ACTIVITY: Pull every line with the word "character" out of the entries below.

[Stored entries]
☆ ☆ ☆
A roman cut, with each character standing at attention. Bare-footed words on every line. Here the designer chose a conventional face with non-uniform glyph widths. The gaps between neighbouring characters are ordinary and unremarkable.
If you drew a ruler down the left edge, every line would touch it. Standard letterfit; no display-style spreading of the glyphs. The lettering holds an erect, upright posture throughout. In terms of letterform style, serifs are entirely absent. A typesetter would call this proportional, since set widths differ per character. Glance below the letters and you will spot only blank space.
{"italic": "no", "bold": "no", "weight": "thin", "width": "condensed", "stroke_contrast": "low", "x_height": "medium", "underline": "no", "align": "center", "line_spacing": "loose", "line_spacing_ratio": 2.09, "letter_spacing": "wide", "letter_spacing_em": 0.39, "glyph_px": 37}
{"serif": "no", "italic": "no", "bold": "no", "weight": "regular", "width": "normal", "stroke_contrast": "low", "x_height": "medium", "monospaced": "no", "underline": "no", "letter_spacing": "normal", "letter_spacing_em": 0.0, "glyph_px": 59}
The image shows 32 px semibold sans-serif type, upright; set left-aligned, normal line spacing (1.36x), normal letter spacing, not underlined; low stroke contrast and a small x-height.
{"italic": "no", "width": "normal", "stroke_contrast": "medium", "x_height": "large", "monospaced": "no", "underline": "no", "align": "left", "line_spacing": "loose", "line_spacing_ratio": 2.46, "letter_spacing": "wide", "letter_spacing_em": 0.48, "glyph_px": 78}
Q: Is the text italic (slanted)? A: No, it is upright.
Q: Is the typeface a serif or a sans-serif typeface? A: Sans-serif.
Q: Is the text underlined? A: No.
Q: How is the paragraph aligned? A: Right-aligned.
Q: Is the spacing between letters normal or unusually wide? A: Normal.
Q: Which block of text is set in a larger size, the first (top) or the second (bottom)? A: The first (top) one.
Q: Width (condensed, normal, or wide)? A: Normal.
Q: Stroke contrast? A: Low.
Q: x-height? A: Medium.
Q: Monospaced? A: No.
☆ ☆ ☆
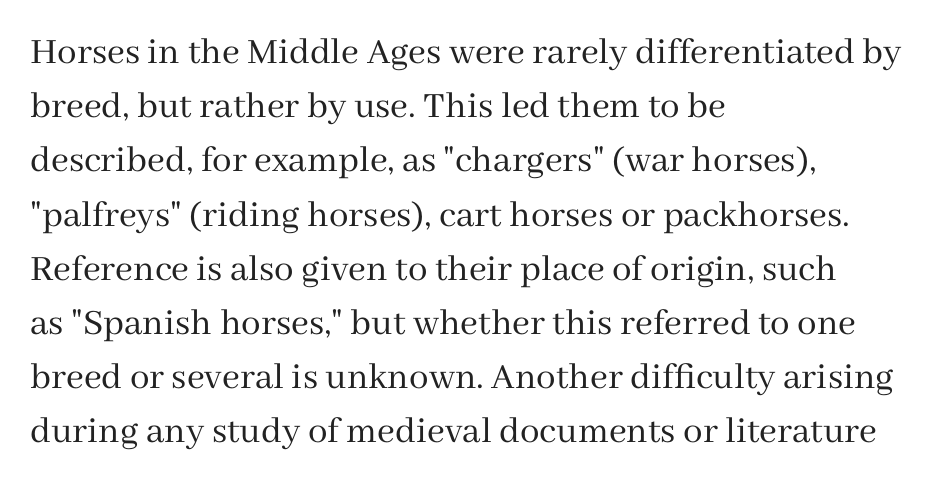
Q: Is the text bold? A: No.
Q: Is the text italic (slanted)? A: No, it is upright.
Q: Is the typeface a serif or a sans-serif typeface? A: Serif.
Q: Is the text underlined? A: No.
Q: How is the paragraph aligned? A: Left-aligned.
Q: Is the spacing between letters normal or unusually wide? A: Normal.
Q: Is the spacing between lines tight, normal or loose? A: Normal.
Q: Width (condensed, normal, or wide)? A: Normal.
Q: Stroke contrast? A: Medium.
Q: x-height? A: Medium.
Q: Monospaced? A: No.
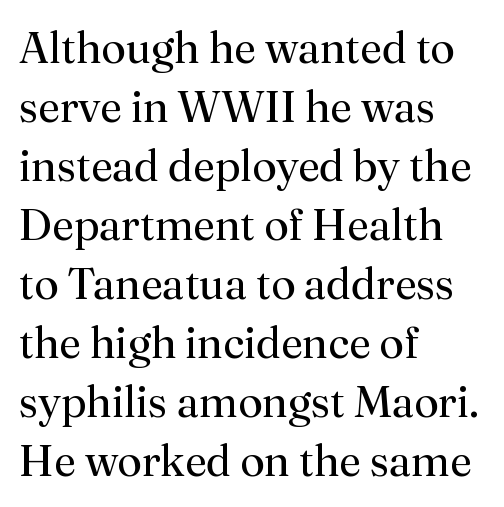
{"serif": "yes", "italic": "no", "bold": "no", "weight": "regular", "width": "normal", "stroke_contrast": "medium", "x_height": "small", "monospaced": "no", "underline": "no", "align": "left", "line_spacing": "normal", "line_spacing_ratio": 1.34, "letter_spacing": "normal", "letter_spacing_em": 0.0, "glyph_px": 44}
☆ ☆ ☆
RESULT OF THIS EXERCISE:
A roman cut, with each character standing at attention. Bare-footed words on every line. Here the designer chose a conventional face with non-uniform glyph widths. The gaps between neighbouring characters are ordinary and unremarkable.
If you drew a ruler down the left edge, every line would touch it. Standard letterfit; no display-style spreading of the glyphs. The lettering holds an erect, upright posture throughout. In terms of letterform style, serifs are entirely absent. A typesetter would call this proportional, since set widths differ per character. Glance below the letters and you will spot only blank space.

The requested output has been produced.